それと“心情的美意識”として幻想化されたヤクザ像があり、また“ホンネで生きる人々”というような誤解もあるようだ。

卑近な例では“ビートたけし”というキャラは、“ヤクザ”を売り物にしてきた。
彼の映画は、“ヤクザ映画”である。

それどころか、彼は自分の背後にヤクザがいるという“イメージづくりで”で、だれからも自分を批判させないポジションを築いてきた(つまり“オドシ”をかけてきた)
あるいは“自分自身がヤクザ体質だ”と匂わせてきた(本当にそうである可能性もある;笑)
最近は功なり名をとげて、“毒”も消え、間抜けな“好好爺”になったらしいが。

不破利晴ブログに最近の発言が引用されている;

《政治とカネだって、相撲界で問題になっている暴力団とのつながりだって、日本社会そのものが、なあなあでもってきたのは間違いない。メディアも、大きなものに対して闘うと言っている割には、広告主に対してはずいぶん弱気だったりしてね。最近はそれがばれちゃっているんで、メディアに対してみんなの意見が冷たいんじゃないですかね》(2010年7月3日 ZAKZAKから引用)


まさに《なあなあでもってきた》のは、北野武自身である(笑)

しかしなぜか、《メディアに対してみんなの意見が冷たく》なっても、“タケシ・ファン”はまだいる模様である。

これが<矛盾>である!

いったいいつ“タケシくん”は、《大きなものに対して闘った》のだろうか。

自分こそ、メディアに乗り乗りで、“小股すくい”言説をまき散らす“テレビ村村長”でしかないのに。

テレビとともに消えちまえ。


だがこのテレビ村には、ぼくが’たけし’より嫌いな古株がいる―”タモリ”というイモリの一種である(笑)

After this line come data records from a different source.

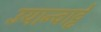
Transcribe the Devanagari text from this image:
उयान्वाट्टे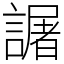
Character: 𧬅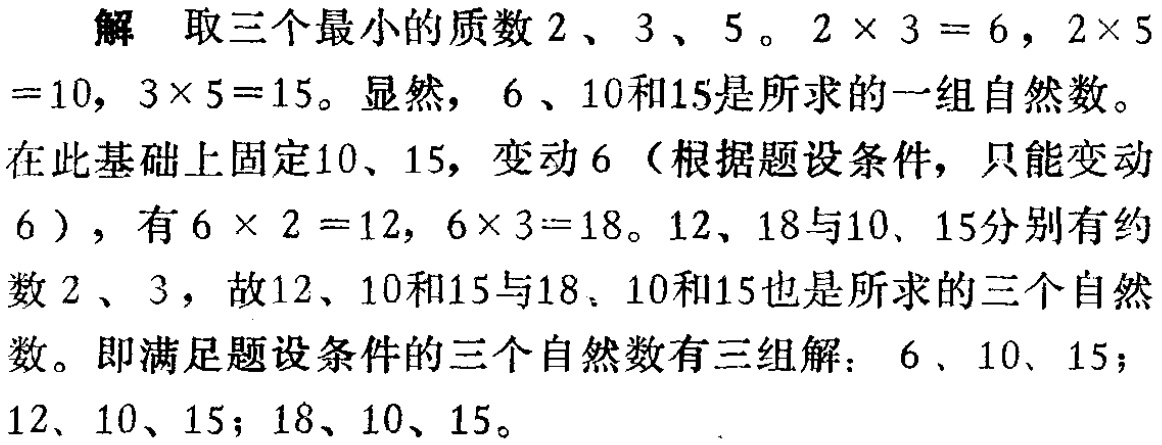
解 取三个最小的质数 \(2\)、\(3\)、\(5\)。\(2\times 3 = 6\)，\(2\times 5=10\)，\(3\times 5 = 15\)。显然，\(6\)、\(10\)和\(15\)是所求的一组自然数。

在此基础上固定\(10\)、\(15\)，变动\(6\)（根据题设条件，只能变动\(6\)），有\(6\times 2 =12\)，\(6\times 3 = 18\)。\(12\)、\(18\)与\(10\)、\(15\)分别有约数\(2\)、\(3\)，故\(12\)、\(10\)和\(15\)与\(18\)、\(10\)和\(15\)也是所求的三个自然数。即满足题设条件的三个自然数有三组解：\(6\)、\(10\)、\(15\)；\(12\)、\(10\)、\(15\)；\(18\)、\(10\)、\(15\)。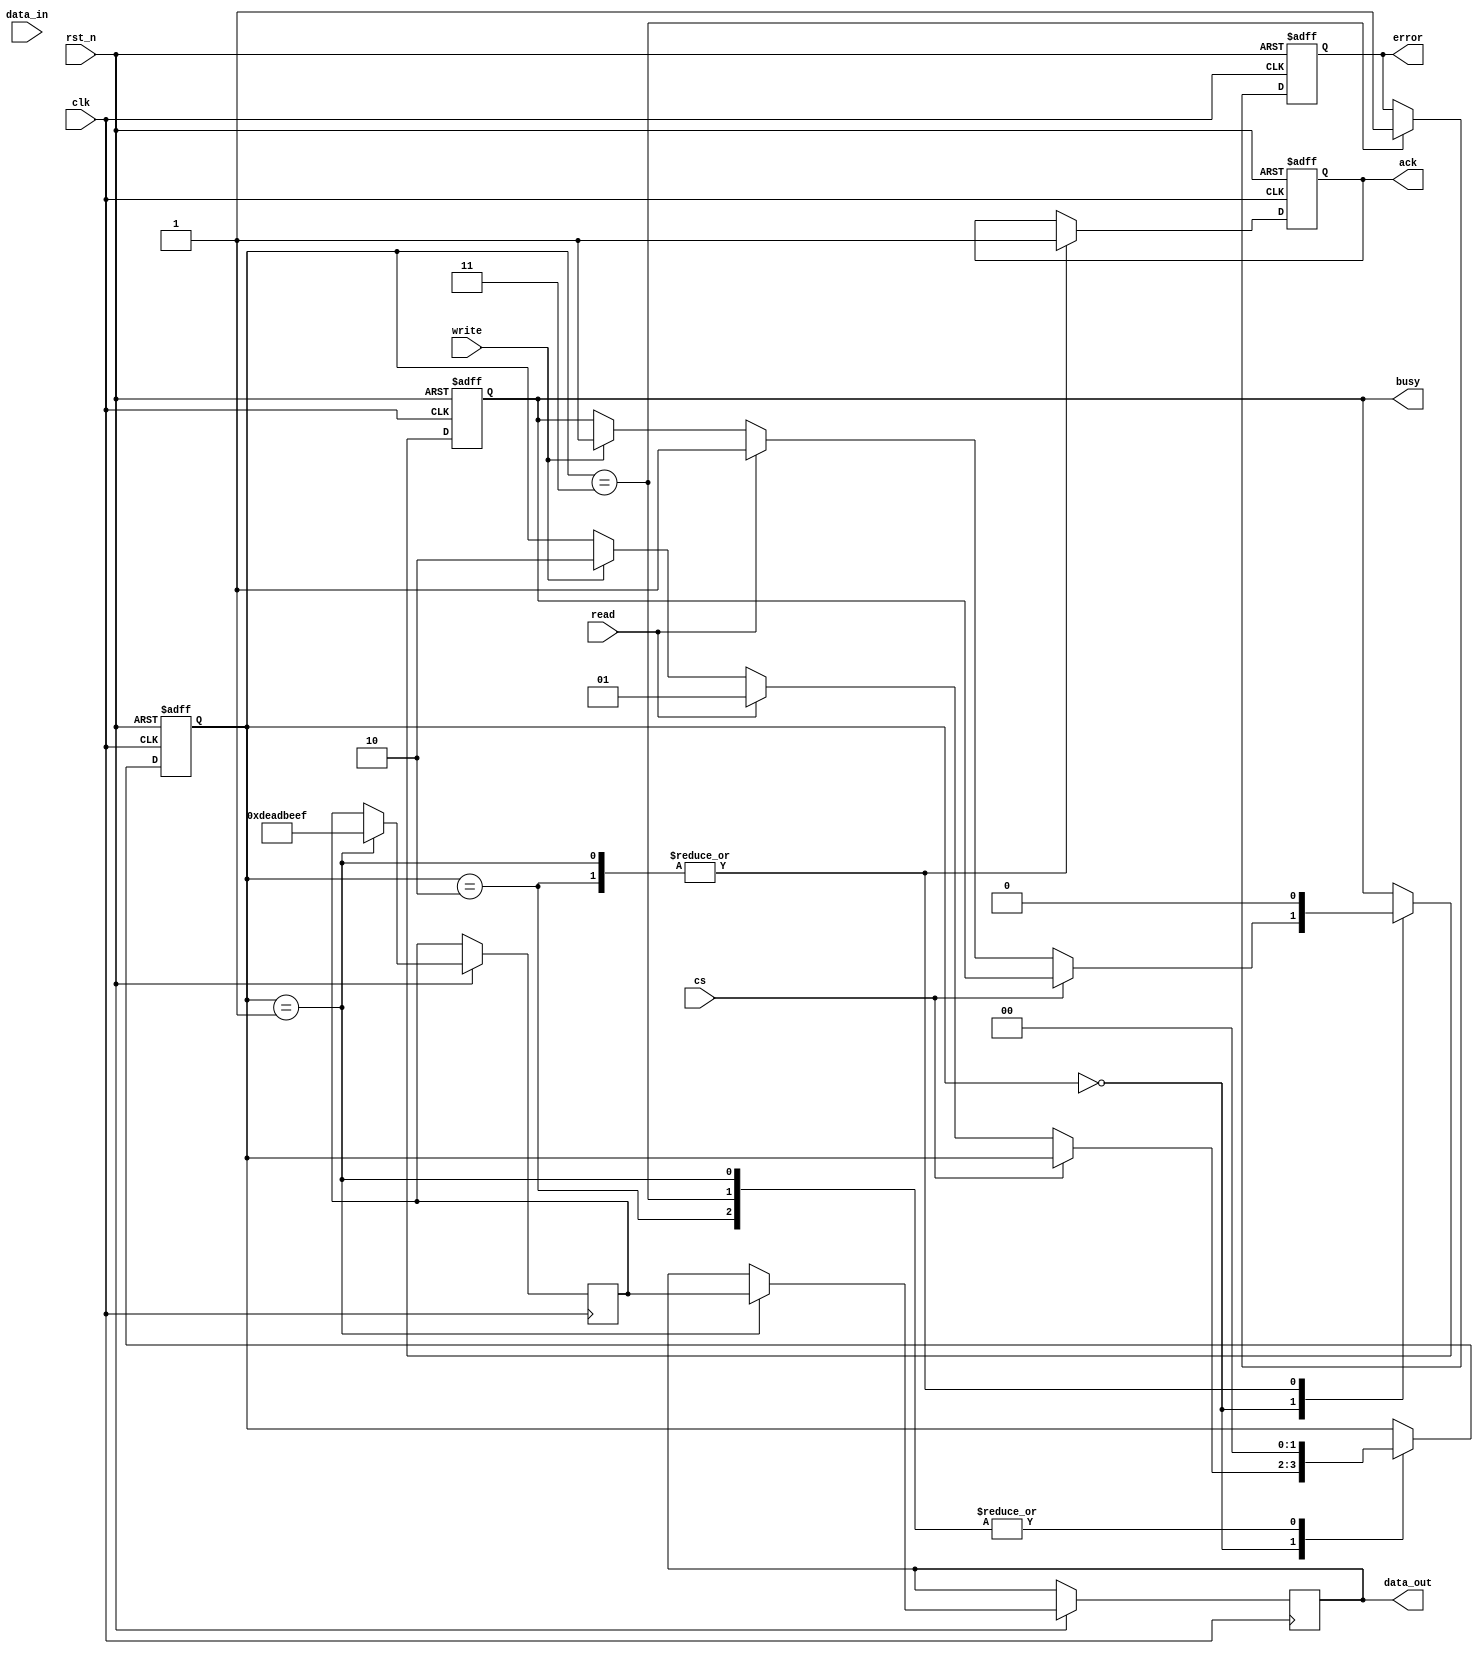
module SSD_IO_Block (
    input wire clk,                // System clock
    input wire rst_n,              // Active low reset
    input wire cs,                 // Chip Select
    input wire read,               // Read command
    input wire write,              // Write command
    input wire [31:0] data_in,     // Data input from host
    output reg [31:0] data_out,    // Data output to host
    output reg ack,                // Acknowledge signal
    output reg busy,               // Busy signal
    output reg error               // Error signal
);

    // Internal signals
    reg [31:0] input_buffer;        // Input buffer
    reg [31:0] output_buffer;       // Output buffer
    reg [1:0] state;                // State machine for control logic

    // State encoding
    localparam IDLE = 2'b00;
    localparam READ = 2'b01;
    localparam WRITE = 2'b10;
    localparam ERROR = 2'b11;

    // Command Decoder and Control Logic
    always @(posedge clk or negedge rst_n) begin
        if (!rst_n) begin
            state <= IDLE;
            ack <= 0;
            busy <= 0;
            error <= 0;
        end else begin
            case (state)
                IDLE: begin
                    if (!cs) begin // Chip Select active
                        if (read) begin
                            state <= READ;
                            busy <= 1;
                        end else if (write) begin
                            state <= WRITE;
                            busy <= 1;
                            input_buffer <= data_in; // Store incoming data
                        end
                    end
                end
                READ: begin
                    // Simulate data read from NAND flash
                    output_buffer <= 32'hDEADBEEF; // Placeholder for actual read data
                    data_out <= output_buffer;
                    ack <= 1; // Acknowledge read operation
                    state <= IDLE; // Go back to IDLE
                    busy <= 0;
                end
                WRITE: begin
                    // Simulate data write to NAND flash
                    // Here you would implement the actual write logic
                    ack <= 1; // Acknowledge write operation
                    state <= IDLE; // Go back to IDLE
                    busy <= 0;
                end
                ERROR: begin
                    // Handle error state
                    error <= 1; // Set error flag
                    state <= IDLE; // Go back to IDLE
                end
                default: state <= IDLE; // Default to IDLE
            endcase
        end
    end

    // Error Detection and Correction (EDC) Logic Placeholder
    // This would typically include ECC and CRC logic
    // For simplicity, we are not implementing this in detail

endmodule

大人はわかってくれない、いや、大人はわかっちゃいない

2010-07-10 08:22:31 | 日記


この史上空前の愚劣選挙を前にして、ついに、朝日新聞は“言うことがなくなって”、子供の振りをすることにした。

今日朝日新聞社説である;

《わあ、どうしよう! 目覚めたら、子どもになっていた。あすは選挙だというのに。でもせっかくだから、子どもの立場になって考えてみた――。》

《政治家が子育て、子育てって言うのは「少子化対策」のためだって。弟や妹はたくさんいたら楽しいけど、父さん母さんには、そんな余裕もトキメキもなさそうだからね。
 でも、ただ子どもが増えればいいのかな。政府が調べたら、子どもの7人に1人は貧しい家庭なんだって。ショックだった。不幸せな子を減らすことにも、力を入れてほしいんだけど。
 えっ? 選挙権がないくせに、ナマイキな口をきくなって……。
 ――あなた、変な夢でも見てたの。さあ、大事な選挙。投票に行くわよ! 》
(以上引用)


子供の口真似をしても無駄である。
子供は子供のようにしか考えない。
大人の口真似をするのも、子供である。

ぼくは明日の選挙は棄権する。
怒りを込めて棄権する。
(といっても、ぼくはあなたに棄権せよとは言わない)



天声人語はシャガールの話題。

《上野の東京芸大美術館でシャガール展が始まった(10月11日まで)》だそうだ。
ひさしぶりに見に行こうか、と思う。

解説はいらない、エピソードもいらない、絵を見たい。